For the primary endpoints AUCinf and Cmax, the 90% CI for the ratio of geometric LSMean of SB5-HC and SB5-LC were within the pre-defined bioequivalence margins of 0.80 to 1.25, indicating that the two treatments were bioequivalent. All remaining PK parameters were comparable between both treatment groups, consistent with the previous phase I PK studies of SB5-LC which demonstrated PK equivalence of SB5-LC to both EU-sourced and US-sourced reference ADL [5].

In this study, a single dose of SB5-HC or SB5-LC administered to healthy male subjects showed comparable safety and tolerability between the treatment groups. The proportion of subjects who experienced TEAEs was comparable between the SB5-HC and SB5-LC groups. The most frequently reported TEAEs considered to be related to the study drug were injection site reaction, headache, and nausea, which all resolved spontaneously by the end of the study visit. No severe TEAEs were reported and no subjects discontinued because of a TEAE. Furthermore, no safety concerns were found based on clinical laboratory evaluations, vital signs, and 12-lead ECGs.

The incidence and severity of injection site reactions were low in both the SB5-HC and SB5-LC group throughout the study while lower incidence was found in the SB5-HC compared to the SB5-LC group. In terms of pain VAS intensity, the largest difference was found immediately after injection when the highest intensity was measured in both groups. Those reactions mostly diminished in both groups after 15 min (Supplement 1). Factors known to contribute to subcutaneous injection site reactions can be grouped into product-related and patient-related factors (e.g., low body weight or needle phobia) [12]. The product-related factors include the formulation (ingredients, pH, or buffers), injection volume, needle gauge size, or type of device. Although the amount of the active ingredient is the same (i.e., 40 mg ADL), SB5-HC is different from SB5-LC by means of 50% reduced injection volume (i.e., 40 vs. 80 ml) and excipients (e.g., citrate-free). With high injection volume and certain excipients being potential triggers of injection site pain [13,14,15], the lower volume and difference in the formulation may be the reason for the reduction of injection site related reactions.

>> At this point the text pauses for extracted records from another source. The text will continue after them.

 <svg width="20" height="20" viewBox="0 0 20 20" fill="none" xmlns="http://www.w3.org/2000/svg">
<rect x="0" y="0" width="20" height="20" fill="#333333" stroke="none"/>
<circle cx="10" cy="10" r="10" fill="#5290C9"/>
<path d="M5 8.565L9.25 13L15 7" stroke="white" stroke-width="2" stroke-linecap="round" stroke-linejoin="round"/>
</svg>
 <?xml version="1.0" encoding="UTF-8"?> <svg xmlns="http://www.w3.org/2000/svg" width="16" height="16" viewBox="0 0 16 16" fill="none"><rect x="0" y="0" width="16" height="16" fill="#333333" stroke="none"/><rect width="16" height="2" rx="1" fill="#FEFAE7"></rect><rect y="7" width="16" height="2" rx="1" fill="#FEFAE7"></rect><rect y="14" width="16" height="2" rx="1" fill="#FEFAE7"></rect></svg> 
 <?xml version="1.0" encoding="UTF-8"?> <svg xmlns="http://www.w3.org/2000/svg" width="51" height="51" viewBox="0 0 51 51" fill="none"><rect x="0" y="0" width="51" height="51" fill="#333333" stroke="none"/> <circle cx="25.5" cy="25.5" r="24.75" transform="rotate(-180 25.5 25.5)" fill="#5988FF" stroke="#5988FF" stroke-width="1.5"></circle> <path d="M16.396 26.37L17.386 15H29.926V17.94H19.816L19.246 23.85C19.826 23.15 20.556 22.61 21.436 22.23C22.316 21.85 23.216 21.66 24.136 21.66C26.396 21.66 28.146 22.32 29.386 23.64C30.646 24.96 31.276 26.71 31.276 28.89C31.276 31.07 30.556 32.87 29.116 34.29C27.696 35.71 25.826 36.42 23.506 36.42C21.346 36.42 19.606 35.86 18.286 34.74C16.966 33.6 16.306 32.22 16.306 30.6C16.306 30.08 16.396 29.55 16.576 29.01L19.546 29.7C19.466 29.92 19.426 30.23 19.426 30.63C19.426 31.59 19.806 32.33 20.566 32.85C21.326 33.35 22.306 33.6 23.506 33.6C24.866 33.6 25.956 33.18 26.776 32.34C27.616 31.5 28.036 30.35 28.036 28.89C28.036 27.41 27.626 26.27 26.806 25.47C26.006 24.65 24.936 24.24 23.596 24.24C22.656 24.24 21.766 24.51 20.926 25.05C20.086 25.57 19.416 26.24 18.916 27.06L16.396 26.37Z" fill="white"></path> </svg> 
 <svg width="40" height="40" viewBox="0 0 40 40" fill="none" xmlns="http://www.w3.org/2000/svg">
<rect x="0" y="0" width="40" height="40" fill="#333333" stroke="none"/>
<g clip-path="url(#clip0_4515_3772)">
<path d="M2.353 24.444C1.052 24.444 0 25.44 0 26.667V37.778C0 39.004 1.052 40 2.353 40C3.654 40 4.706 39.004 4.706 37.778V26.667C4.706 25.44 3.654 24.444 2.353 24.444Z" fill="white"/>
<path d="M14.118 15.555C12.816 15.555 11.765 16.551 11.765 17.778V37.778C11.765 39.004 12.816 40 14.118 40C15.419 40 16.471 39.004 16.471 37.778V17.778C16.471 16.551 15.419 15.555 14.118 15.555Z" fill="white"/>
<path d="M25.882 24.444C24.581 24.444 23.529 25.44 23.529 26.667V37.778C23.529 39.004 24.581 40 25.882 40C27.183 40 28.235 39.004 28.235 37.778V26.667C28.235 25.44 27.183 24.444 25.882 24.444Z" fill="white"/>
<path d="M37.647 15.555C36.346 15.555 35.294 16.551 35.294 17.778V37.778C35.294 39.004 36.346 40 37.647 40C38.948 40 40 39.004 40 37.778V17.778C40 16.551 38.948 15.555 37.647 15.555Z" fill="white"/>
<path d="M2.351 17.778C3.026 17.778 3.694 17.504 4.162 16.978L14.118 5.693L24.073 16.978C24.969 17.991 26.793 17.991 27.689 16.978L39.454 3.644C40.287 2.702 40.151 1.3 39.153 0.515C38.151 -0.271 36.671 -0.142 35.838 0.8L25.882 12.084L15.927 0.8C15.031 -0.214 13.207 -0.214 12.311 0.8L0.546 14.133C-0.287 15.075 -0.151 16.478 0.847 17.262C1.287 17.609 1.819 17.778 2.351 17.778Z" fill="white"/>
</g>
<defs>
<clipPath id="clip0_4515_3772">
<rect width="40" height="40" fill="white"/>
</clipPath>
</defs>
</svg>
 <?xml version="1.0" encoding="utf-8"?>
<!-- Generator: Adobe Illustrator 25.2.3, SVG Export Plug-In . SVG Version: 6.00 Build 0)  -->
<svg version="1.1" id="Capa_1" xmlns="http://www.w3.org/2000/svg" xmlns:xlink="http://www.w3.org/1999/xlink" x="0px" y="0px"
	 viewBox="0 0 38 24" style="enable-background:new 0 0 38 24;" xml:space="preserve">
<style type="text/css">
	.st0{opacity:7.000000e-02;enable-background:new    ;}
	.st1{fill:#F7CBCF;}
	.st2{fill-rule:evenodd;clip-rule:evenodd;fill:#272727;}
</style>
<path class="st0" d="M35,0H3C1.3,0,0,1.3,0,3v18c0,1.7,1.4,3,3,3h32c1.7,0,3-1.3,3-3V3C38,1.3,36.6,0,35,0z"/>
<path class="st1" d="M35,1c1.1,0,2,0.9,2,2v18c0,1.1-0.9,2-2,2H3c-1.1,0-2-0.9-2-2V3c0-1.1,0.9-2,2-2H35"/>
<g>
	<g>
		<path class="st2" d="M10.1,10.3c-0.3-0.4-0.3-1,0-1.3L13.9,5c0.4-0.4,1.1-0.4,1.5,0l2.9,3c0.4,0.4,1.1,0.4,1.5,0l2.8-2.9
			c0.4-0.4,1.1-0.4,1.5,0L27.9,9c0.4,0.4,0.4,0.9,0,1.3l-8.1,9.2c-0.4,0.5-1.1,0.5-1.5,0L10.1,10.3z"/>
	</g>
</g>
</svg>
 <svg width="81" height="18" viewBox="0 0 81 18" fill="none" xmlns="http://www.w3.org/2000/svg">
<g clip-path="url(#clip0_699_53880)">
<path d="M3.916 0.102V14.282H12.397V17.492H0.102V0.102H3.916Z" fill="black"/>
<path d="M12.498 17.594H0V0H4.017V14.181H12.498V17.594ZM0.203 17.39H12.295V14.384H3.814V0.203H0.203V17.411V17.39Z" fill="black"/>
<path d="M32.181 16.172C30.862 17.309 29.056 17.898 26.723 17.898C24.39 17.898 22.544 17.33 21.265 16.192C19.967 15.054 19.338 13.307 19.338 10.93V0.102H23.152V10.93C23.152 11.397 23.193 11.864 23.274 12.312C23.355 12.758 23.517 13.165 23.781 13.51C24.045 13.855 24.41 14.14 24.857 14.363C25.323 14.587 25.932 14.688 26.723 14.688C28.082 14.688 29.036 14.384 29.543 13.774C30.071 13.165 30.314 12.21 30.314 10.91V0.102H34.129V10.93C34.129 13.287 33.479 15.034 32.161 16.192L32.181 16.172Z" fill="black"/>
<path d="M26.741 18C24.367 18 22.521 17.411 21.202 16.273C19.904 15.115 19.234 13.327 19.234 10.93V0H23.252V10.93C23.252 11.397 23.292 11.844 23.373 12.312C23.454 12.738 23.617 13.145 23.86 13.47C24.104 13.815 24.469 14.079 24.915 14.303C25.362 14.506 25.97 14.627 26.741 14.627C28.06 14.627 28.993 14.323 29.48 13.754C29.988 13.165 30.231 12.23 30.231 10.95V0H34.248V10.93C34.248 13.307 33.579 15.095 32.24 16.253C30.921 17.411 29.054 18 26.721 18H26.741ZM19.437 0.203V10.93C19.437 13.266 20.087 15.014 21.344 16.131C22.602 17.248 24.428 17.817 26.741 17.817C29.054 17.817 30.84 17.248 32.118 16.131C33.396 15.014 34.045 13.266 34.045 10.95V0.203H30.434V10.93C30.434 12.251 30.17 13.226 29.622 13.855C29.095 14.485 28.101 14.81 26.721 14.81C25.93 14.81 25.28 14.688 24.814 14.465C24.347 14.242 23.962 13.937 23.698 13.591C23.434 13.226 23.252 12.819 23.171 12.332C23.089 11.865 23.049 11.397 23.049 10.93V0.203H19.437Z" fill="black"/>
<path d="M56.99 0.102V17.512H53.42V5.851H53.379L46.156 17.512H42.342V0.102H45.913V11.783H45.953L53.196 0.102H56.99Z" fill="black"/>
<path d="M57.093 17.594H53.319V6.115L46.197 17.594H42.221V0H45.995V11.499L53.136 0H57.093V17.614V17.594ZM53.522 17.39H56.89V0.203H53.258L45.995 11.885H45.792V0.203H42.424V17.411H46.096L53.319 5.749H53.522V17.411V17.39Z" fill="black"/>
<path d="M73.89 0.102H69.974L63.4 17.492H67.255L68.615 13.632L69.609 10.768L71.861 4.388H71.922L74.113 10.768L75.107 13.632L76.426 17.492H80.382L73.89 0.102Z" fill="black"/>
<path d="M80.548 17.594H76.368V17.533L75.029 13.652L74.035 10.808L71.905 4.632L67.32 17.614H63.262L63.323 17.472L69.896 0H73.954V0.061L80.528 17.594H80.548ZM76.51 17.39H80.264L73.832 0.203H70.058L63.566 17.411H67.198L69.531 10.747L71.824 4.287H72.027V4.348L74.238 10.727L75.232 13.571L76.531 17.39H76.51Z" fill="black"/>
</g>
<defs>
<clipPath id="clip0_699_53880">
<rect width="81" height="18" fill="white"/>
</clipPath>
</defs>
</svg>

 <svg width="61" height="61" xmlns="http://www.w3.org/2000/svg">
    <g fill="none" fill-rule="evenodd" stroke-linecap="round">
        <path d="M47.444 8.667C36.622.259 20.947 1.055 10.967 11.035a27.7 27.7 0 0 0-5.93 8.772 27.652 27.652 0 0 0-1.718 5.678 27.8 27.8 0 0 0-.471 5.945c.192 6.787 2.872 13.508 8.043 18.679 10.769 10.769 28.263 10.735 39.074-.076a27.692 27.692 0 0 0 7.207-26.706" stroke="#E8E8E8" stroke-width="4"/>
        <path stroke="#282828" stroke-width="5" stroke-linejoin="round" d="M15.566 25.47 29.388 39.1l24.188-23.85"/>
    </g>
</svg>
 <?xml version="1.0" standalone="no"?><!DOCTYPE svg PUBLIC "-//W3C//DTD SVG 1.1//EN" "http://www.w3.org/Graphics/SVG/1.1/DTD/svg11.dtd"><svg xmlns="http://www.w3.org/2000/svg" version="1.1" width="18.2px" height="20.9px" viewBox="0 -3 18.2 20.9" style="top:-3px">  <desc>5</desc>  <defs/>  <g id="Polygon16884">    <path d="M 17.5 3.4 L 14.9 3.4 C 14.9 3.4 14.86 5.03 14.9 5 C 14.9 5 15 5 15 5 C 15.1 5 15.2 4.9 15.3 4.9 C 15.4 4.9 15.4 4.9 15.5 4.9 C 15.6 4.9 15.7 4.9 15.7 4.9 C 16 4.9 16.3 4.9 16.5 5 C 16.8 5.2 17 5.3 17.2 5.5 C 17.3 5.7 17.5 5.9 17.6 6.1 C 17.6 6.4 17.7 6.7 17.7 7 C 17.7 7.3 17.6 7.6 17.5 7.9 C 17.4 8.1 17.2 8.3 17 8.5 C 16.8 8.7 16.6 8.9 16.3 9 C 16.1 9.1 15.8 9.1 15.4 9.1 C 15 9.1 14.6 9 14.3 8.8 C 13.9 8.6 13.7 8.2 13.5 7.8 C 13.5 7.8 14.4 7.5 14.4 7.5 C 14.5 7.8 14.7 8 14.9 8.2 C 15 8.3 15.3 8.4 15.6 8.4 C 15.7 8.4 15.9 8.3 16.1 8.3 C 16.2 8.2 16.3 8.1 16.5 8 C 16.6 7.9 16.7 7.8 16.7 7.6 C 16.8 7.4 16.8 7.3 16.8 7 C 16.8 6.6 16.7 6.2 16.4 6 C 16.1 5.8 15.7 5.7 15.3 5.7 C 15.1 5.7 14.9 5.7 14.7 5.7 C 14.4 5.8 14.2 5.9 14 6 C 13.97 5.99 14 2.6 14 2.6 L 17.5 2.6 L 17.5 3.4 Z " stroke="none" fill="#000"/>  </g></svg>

The reduction of injection-site reactions and pain may positively affect treatment adherence in patients with chronic conditions who require repeated dosing [16]. Currently, the recommended subcutaneous dosage of ADL for adult patients with rheumatoid arthritis, psoriatic arthritis, or ankylosing spondylitis is 40 mg administered every other week [2, 3]. As previous reports showed that reduced injection site pain, achieved by low-volume or citrate-free formulations and other means, significantly increased patients’ compliance [17, 18], a newly developed, low-volume and citrate-free formulation of SB5 (SB5-HC) may contribute to a better patient adherence to treatment.

Limitations of the present study include factors related to the study population. Only healthy male subjects were selected because they were considered to be a more homogeneous and represent a sensitive population to compare PK characteristics than patients with various disease-related factors [19].

Conclusions

A newly developed, high-concentration, low-volume, citrate-free formulation of SB5 (SB5-HC) demonstrated PK bioequivalence with comparable safety and immunogenicity characteristics to the low-concentration, high-volume formulation of SB5 (SB5-LC) in healthy male subjects.